International

Winnie Madikizela-Mandela dies aged 81

Winnie Madikizela-Mandela, the South African anti-apartheid activist and former wife of Nelson Mandela, has died peacefully following a long illness, a family spokesman said.

“She died after a long illness, for which she had been in and out of hospital since the start of the year,” Victor Dlamini said in a statement. “She succumbed peacefully in the early hours of Monday afternoon surrounded by her family and loved ones.”

Hailed as mother of the “new” South Africa, Madikizela-Mandela’s legacy as an anti-apartheid heroine was undone when she was accused of being a ruthless ideologue prepared to sacrifice laws and lives in pursuit of revolution and redress.

Her uncompromising methods and refusal to forgive contrasted sharply with the reconciliation espoused by her husband as he worked to forge a stable, pluralistic democracy from the racial division and oppression of apartheid.

The contradiction contributed to ending their marriage and destroyed the esteem in which she was held by many South Africans, although the firebrand activist retained the support of radical black nationalists to the end.

In her twilight years, Madikizela-Mandela had frequent run-ins with authority that further undermined her reputation as a fighter against the white-minority regime that ran Africa’s most advanced economy from 1948 to 1994.

During her husband’s 27-year incarceration, Madikizela-Mandela campaigned tirelessly for his release and for the rights of black South Africans.

She remained steadfast and unbowed throughout, emerging to punch the air triumphantly in the clenched-fist salute of black power as she walked hand-in-hand with Mandela out of Cape Town’s Victor Vester prison on 11 February 1990.

For husband and wife, it was a crowning moment that led four years later to the end of centuries of white domination when Mandela became South Africa’s first black president.

But for Madikizela-Mandela, the end of apartheid marked the start of a string of legal and political troubles that, accompanied by tales of her glamorous living, kept her in the spotlight for all the wrong reasons.
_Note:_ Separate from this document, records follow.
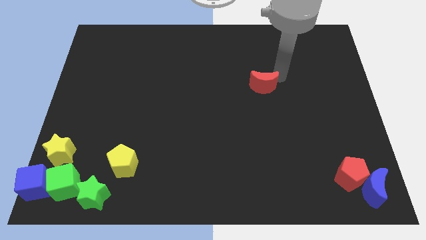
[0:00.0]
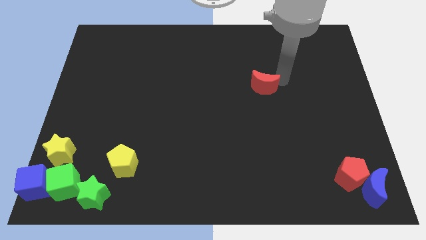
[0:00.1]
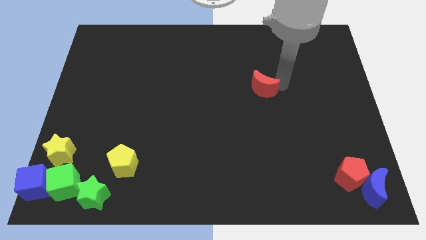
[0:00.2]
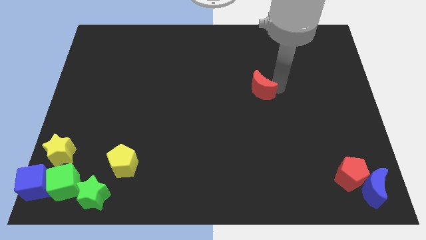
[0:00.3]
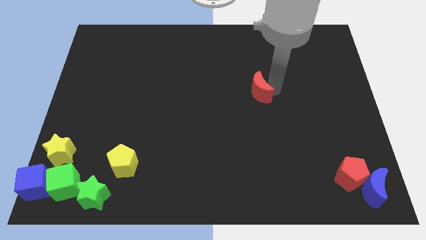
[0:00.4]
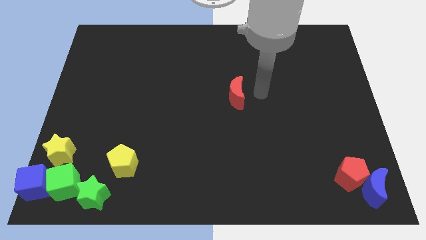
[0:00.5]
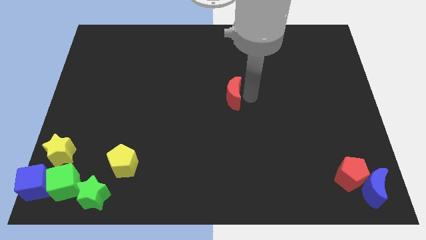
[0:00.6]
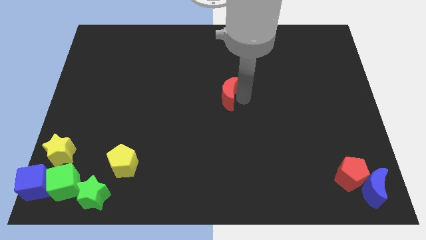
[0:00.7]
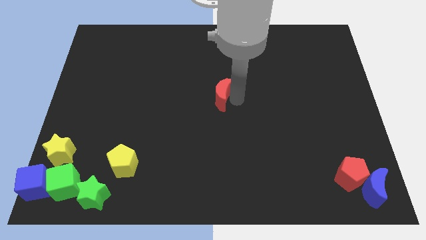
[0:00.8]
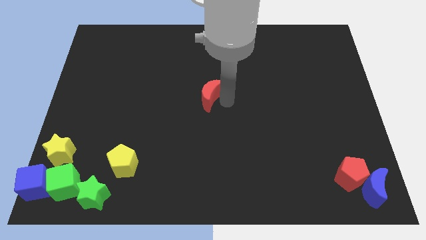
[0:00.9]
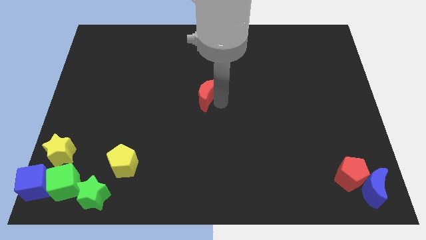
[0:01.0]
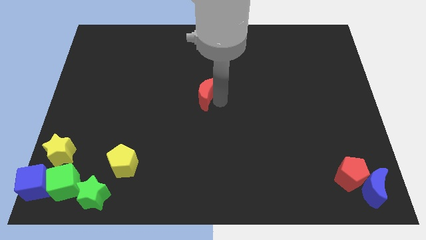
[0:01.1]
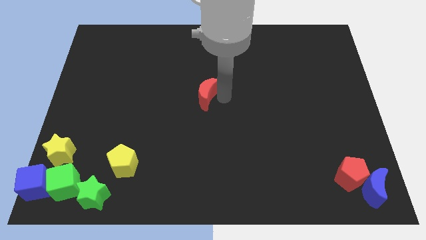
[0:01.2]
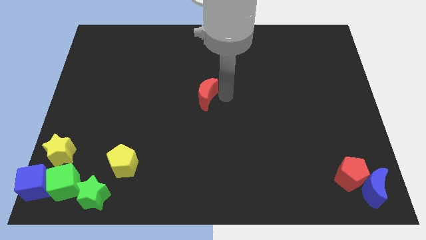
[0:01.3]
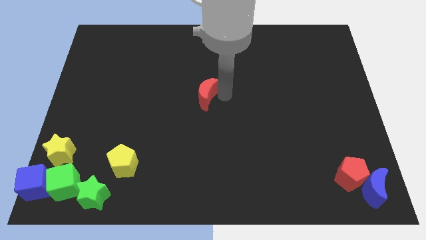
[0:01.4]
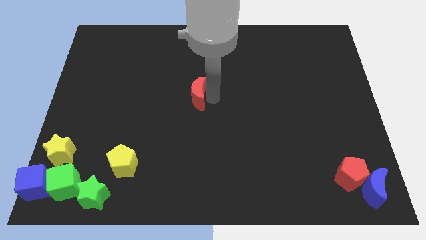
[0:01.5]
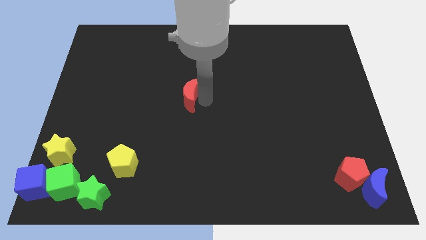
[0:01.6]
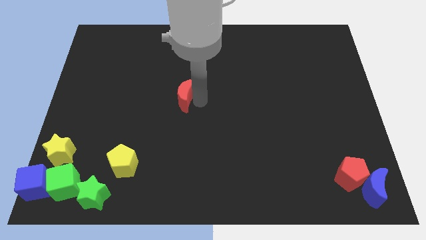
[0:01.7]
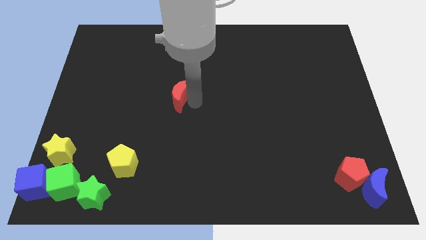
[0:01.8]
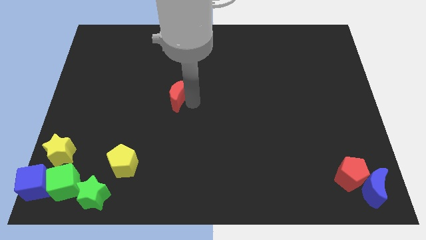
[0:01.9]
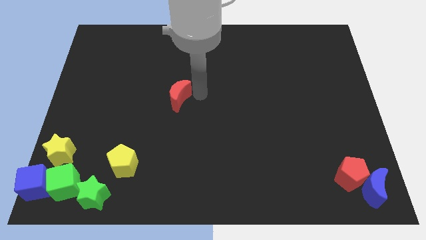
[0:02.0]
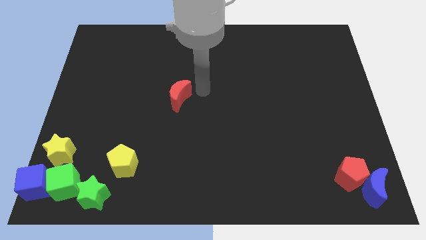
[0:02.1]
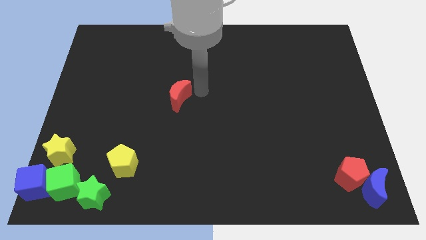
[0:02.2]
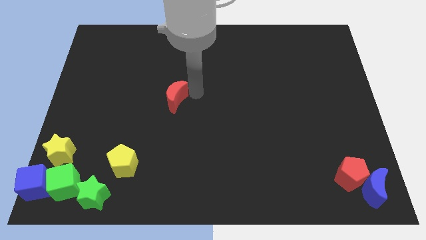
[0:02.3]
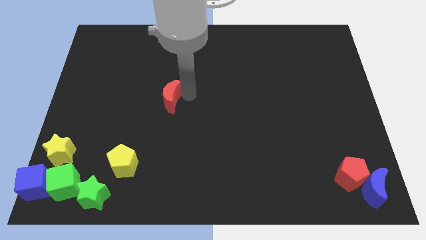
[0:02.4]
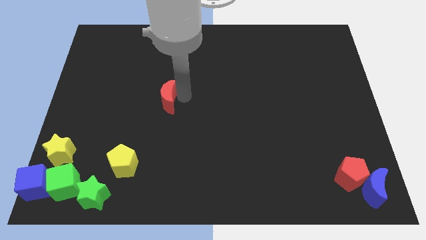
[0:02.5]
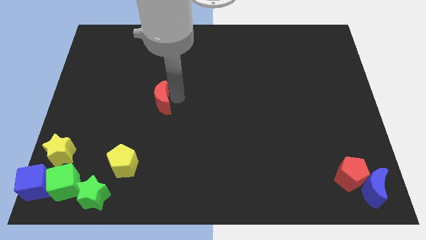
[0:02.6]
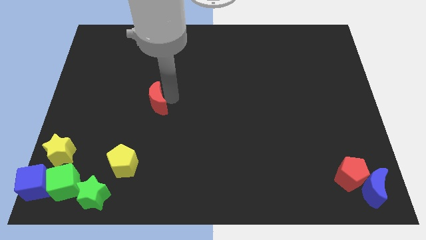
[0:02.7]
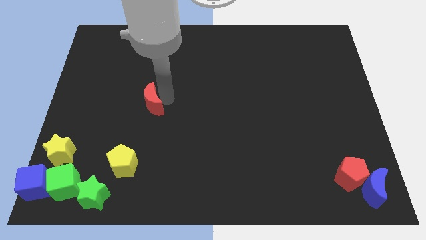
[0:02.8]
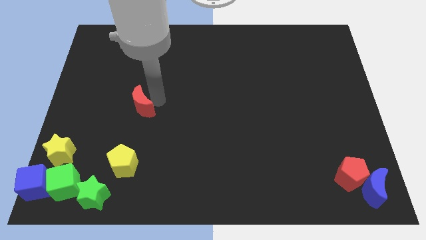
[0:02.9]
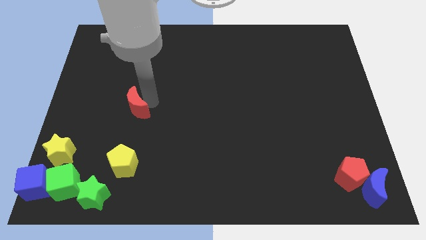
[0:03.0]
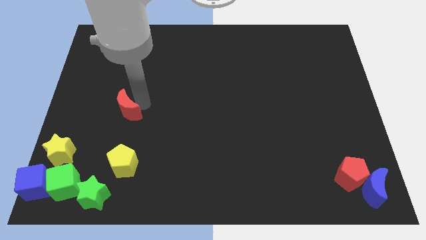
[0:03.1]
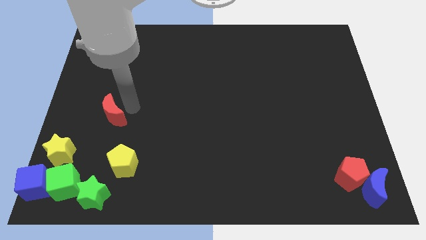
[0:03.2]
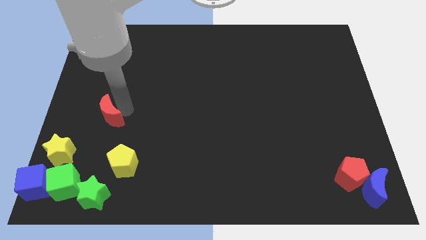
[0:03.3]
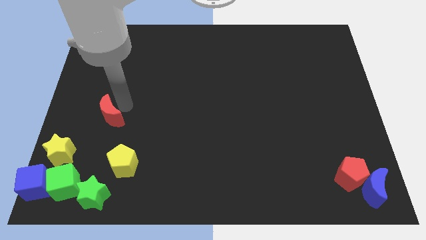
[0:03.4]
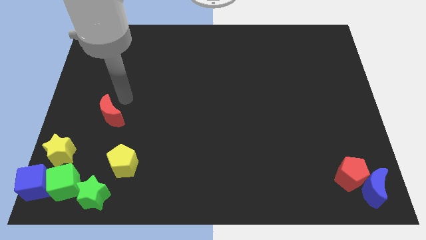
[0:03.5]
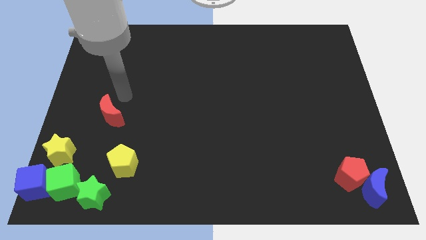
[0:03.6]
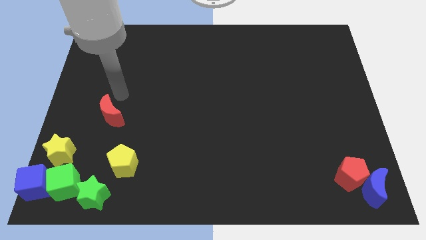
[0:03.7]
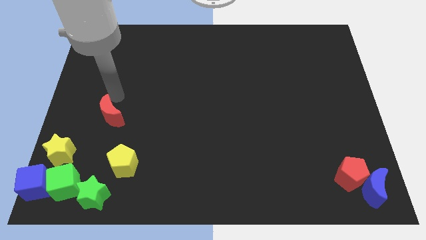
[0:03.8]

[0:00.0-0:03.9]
put the red moon vertically above the yellow pentagon

As evidence emerged in the dying years of apartheid of the brutality of her Soweto enforcers, the “Mandela United Football Club” (MUFC), her soubriquet switched from ”Mother of the Nation” to “Mugger”.

Blamed for the killing of the activist Stompie Seipei, who was found near her Soweto home with his throat cut, she was convicted in 1991 of kidnapping and assaulting the 14-year-old because he was suspected of being an informer. Her six-year jail term was reduced on appeal to a fine.

She and Mandela separated in 1992 and her reputation slipped further when he sacked her from his cabinet in 1995 after allegations of corruption. The couple divorced a year later, after which she adopted the surname Madikizela-Mandela.

Appearing at the Truth and Reconciliation Commission (TRC) set up to unearth atrocities committed by both sides in the anti-apartheid struggle, Madikizela-Mandela refused to show remorse for abductions and murders carried out in her name.

Only after pleading from the TRC chairman, Archbishop Desmond Tutu, did she admit grudgingly that “things went horribly wrong”.

In its final report, the TRC ruled that Madikizela-Mandela was “politically and morally accountable for the gross violations of human rights committed by the MUFC”.

Four years later, she was back in court, facing fraud and theft charges in relation to an elaborate bank loan scheme.

“Somewhere it seems that something went wrong,” magistrate Peet Johnson said as he sentenced her to five years in jail, later overturned on appeal. “You should set the example for all of us.”

Born on 26 September 1936, in Bizana, Eastern Cape province, Madikizela-Mandela became politicised at an early age in her job as a hospital social worker.